И от этой усмешки, от этих «так, так» Люсе почему-то становилось не по себе. Всякий приход Алексеева немедленно сопровождался стуком и топаньем за стенкой, в санчасти: это толстая Нюра волновалась, переступая с ноги на ногу. Но Алексеев не обращал на ее топот никакого внимания. Он садился на стул или на край койки и принимался насмешливо разглядывать Люсю с головы до ног, теребя и приглаживая свои бачки. Говорил он мало, а больше слушал, что рассказывал Костин.

А Костин обычно рассказывал о боях с «Мессершмиттами». Слушая Костина, нужно было следить за движениями его красивых рук с длинными, тонкими пальцами. Тот, кто не следил бы за его руками, пожалуй, не понял бы рассказа. Правой рукой он изображал свой самолет, а левой «Мессершмитт». С необыкновенной точностью и наглядностью показывал он руками все движения своего самолета и «Мессершмитта» во время боя. Больше всего он ценил мастерство, находчивость, расчет, и казалось, будто воздушный бой для него был чем-то вроде игры на биллиарде. Взмахами рук он показывал, каким приемом нужно загонять «Мессершмитт» вниз, к деревьям, и там, связав маневр противника близостью к земле, бить его; как заставить «Мессершмитт» показать брюхо, чтобы ударить в него наверняка; с помощью какой цепи переворотов выбить «Мессершмитт» у себя из-под хвоста и зайти ему в хвост. Рассказывал он не только о своих битвах, но и о битвах других летчиков: объяснял их ошибки, восхищался сообразительностью, продуманным и настойчиво доведенным до конца планом.

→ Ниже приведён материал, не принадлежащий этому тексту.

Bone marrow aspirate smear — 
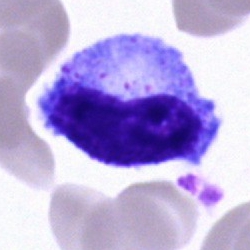

{"cell_type": "promyelocyte"}
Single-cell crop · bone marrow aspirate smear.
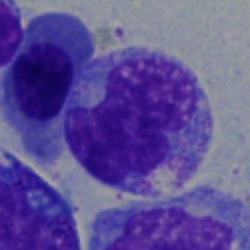
Q: What type of cell is this?
A: It is a monocyte.
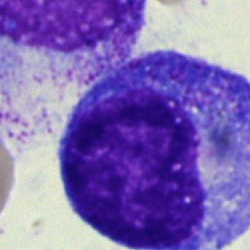

The cell shown is a progranulocyte.
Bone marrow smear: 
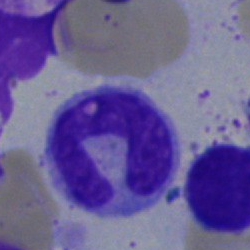
Classification = monocyte.
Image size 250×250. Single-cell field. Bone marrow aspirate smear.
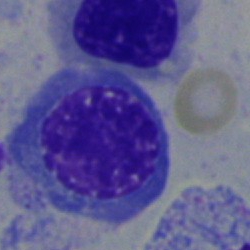Impression — normoblast.
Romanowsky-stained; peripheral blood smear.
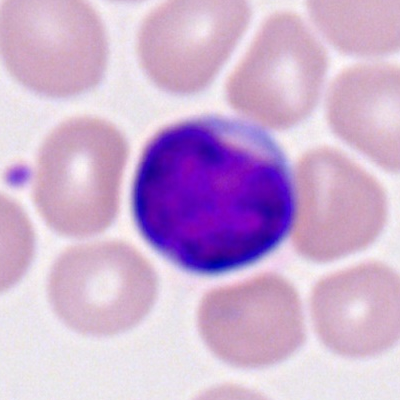Showing a myeloid blast.
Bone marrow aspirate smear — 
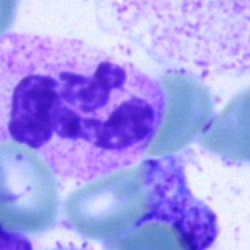
Morphological class = neutrophil (segmented).
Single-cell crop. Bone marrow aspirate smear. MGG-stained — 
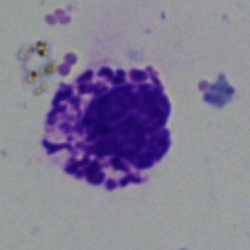Specimen: bone marrow aspirate smear.
Classification: basophilic granulocyte.
Lineage: myeloid.
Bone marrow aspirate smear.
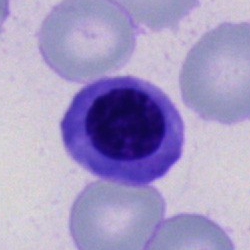Cell type — nucleated red cell.
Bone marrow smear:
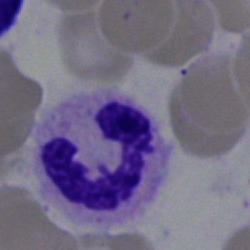
The cell shown is a segmented neutrophil.
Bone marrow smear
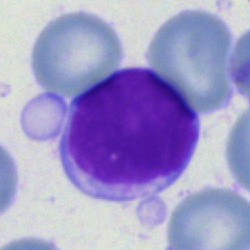Morphology consistent with a lymphocyte.
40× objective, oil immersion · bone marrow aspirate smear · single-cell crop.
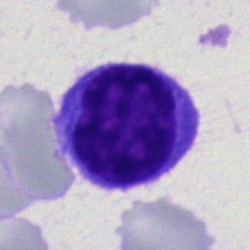
Morphological class = lymphocyte.
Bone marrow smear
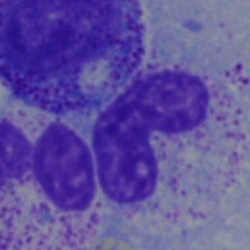 Band neutrophil.
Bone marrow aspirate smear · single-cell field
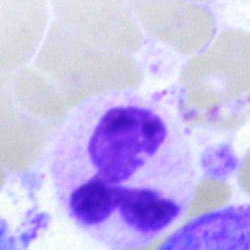 This is a neutrophil (segmented).
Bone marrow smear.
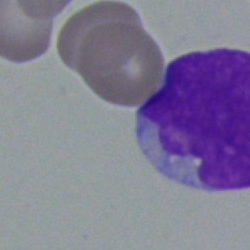 Single cell identified as an undifferentiated blast.
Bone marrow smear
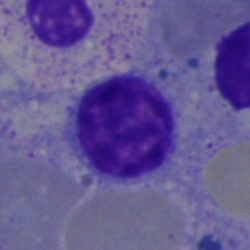A typical lymphocyte.
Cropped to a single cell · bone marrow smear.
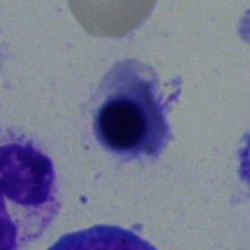 Q: What cell is this?
A: It is a nucleated red cell.
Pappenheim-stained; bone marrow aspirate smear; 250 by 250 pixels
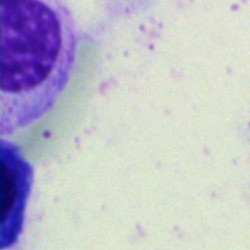An artefact.
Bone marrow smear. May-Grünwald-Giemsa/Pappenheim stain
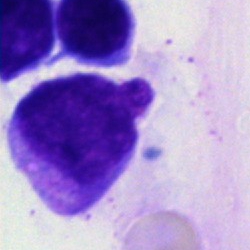 Morphology consistent with a blast cell.
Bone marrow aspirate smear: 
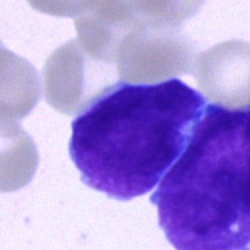{"cell_type": "undifferentiated blast"}
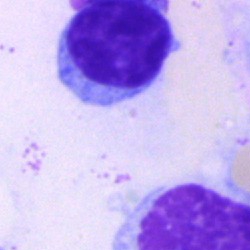 Single cell identified as a lymphocyte.
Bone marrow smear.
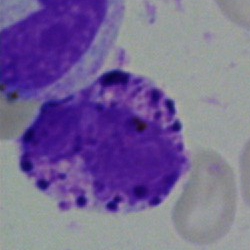Specimen: bone marrow smear.
Morphological class: basophil.
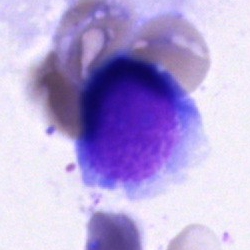An artefact on a bone marrow smear.
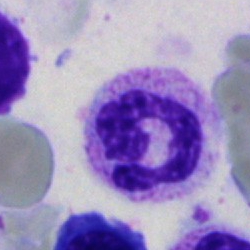
A polymorphonuclear neutrophil.
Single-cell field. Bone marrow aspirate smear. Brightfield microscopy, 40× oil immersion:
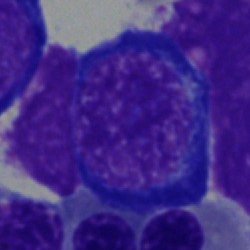Classification: nucleated red cell.
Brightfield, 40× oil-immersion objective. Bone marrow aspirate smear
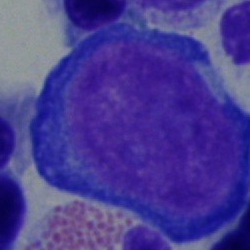 Pronormoblast.
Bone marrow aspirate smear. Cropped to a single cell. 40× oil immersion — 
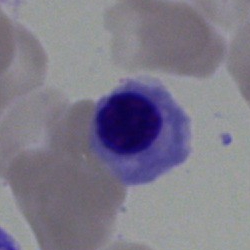

Specimen: bone marrow aspirate smear.
Cell type: nucleated red blood cell.
Lineage: erythroid.
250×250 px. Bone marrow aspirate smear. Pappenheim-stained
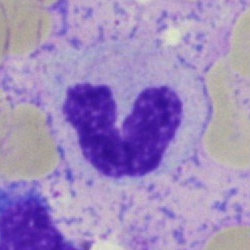

Band neutrophil.
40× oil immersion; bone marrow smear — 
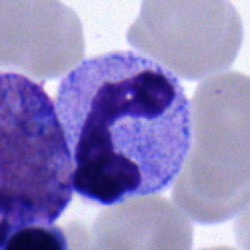
Neutrophil (band).
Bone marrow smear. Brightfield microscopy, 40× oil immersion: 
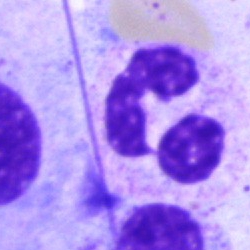Segmented neutrophil.
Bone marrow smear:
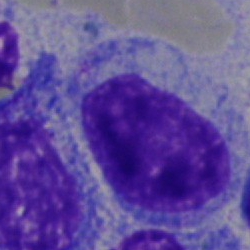Morphology — progranulocyte.
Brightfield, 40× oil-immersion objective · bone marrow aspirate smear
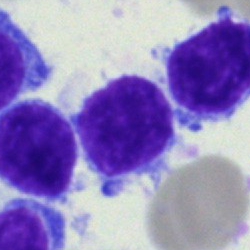 A typical lymphocyte.
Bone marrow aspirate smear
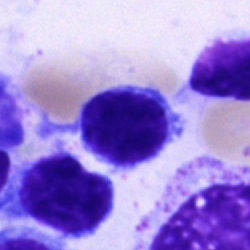
Specimen: bone marrow aspirate smear.
Classification: lymphocyte.
Lineage: lymphoid.
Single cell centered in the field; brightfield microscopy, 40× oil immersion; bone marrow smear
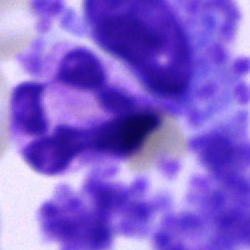
The cell shown is a segmented neutrophil.
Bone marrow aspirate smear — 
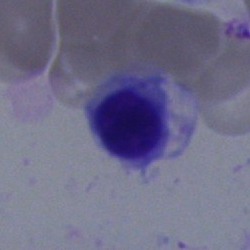
{"cell_type": "normoblast"}
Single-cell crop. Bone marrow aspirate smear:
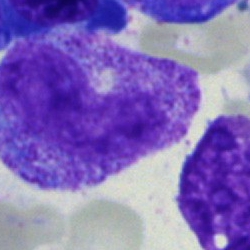 Q: What is the morphological classification of this cell?
A: Band-form neutrophil.
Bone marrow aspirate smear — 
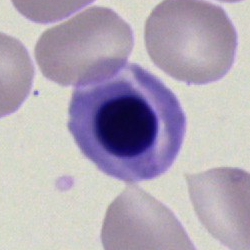
Showing a nucleated red blood cell.
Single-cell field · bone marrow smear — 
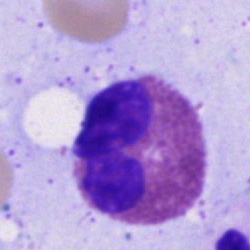Single cell identified as an eosinophil.
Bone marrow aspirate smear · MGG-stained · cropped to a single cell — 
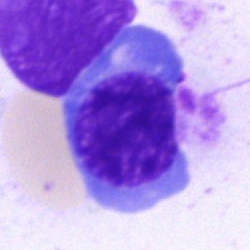

Cell: nucleated red blood cell.
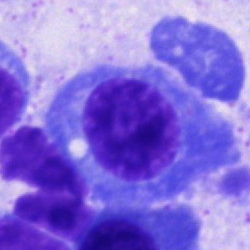
This is a plasmacyte.
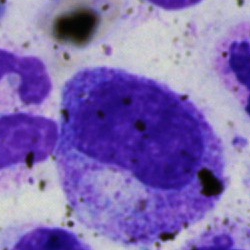
Single-cell crop from a bone marrow smear: metamyelocyte.
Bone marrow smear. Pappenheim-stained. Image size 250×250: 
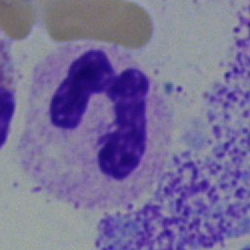 This is a neutrophil (segmented).
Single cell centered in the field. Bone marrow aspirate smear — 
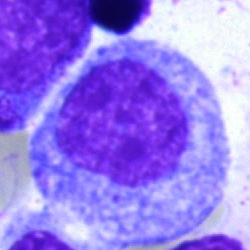
Cell type = progranulocyte.
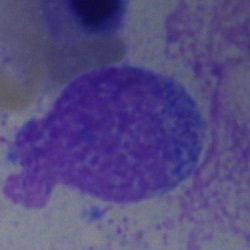 Showing an artefact.
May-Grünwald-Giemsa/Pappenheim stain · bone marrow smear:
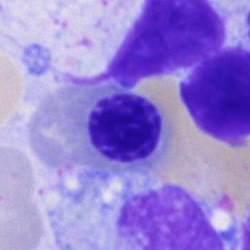

Specimen: bone marrow smear.
Classification: nucleated red blood cell.
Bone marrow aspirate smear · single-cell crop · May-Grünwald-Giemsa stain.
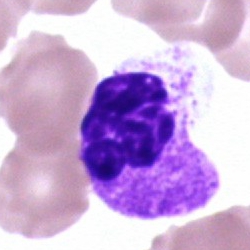 Q: Identify the cell.
A: Neutrophil (segmented).
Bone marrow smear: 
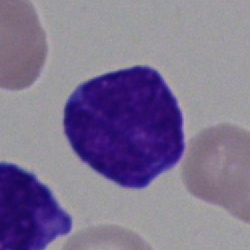A blast cell.
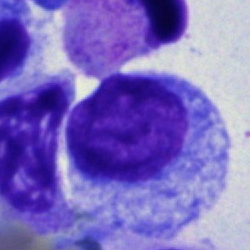 Q: Which cell type is shown here?
A: A promyelocyte.
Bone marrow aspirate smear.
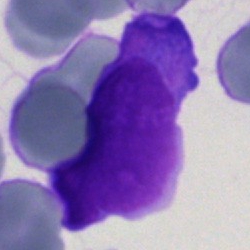
A blast cell.
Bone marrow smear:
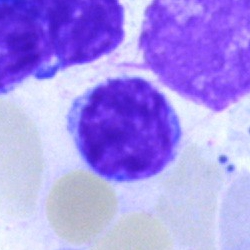
Q: What cell is this?
A: Typical lymphocyte.
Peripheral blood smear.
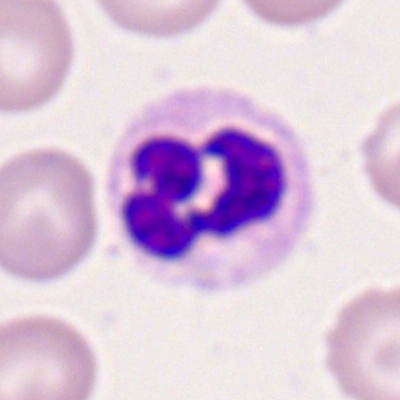

Morphology — neutrophil (segmented).
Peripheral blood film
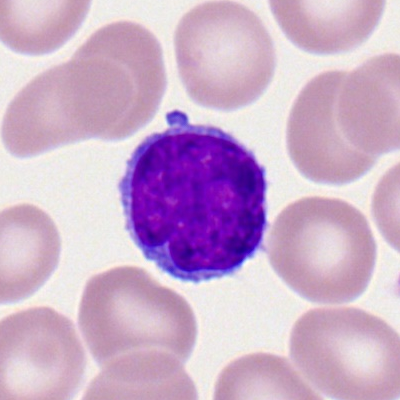
Single cell identified as a typical lymphocyte.
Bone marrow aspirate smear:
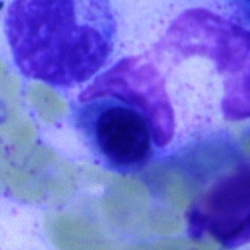 This is a nucleated red blood cell.
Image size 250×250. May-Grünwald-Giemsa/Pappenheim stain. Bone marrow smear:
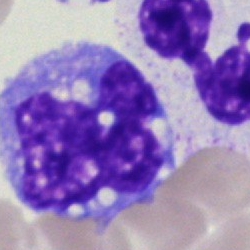 A monocyte.
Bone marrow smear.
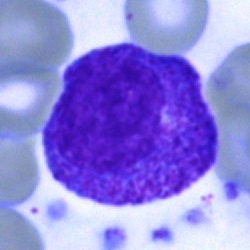

Q: Which cell type is shown here?
A: Progranulocyte.
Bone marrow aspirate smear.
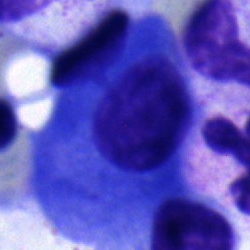 The cell shown is a plasmacyte.
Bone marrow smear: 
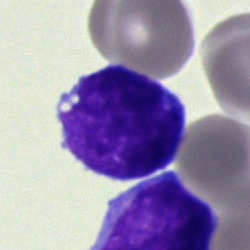 Q: What cell is this?
A: Undifferentiated blast.
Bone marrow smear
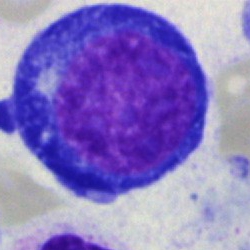
Showing a nucleated red cell.
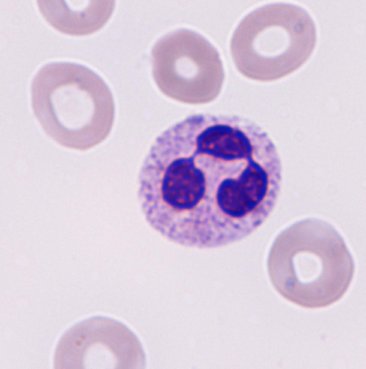 Specimen: peripheral blood smear.
Cell: neutrophilic granulocyte.
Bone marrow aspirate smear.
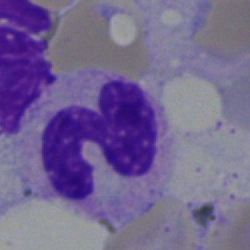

Люся слушала его со смутным удивлением. Она много раз видела воздушные бои над Ленинградом, но движения наших и немецких самолетов казались ей случайным, беспорядочным метаньем, а для него они, оказывается, были рядом расчлененных, сознательно созданных событий, результатом искусства, мысли и опыта.

Костин разбирал бои всех летчиков эскадрильи, кроме Никритина. В присутствии Люси он никогда не упоминал о нем. И никто никогда не говорил о Никритине в присутствии Люси. Люся чувствовала в этом проявление особой деликатности.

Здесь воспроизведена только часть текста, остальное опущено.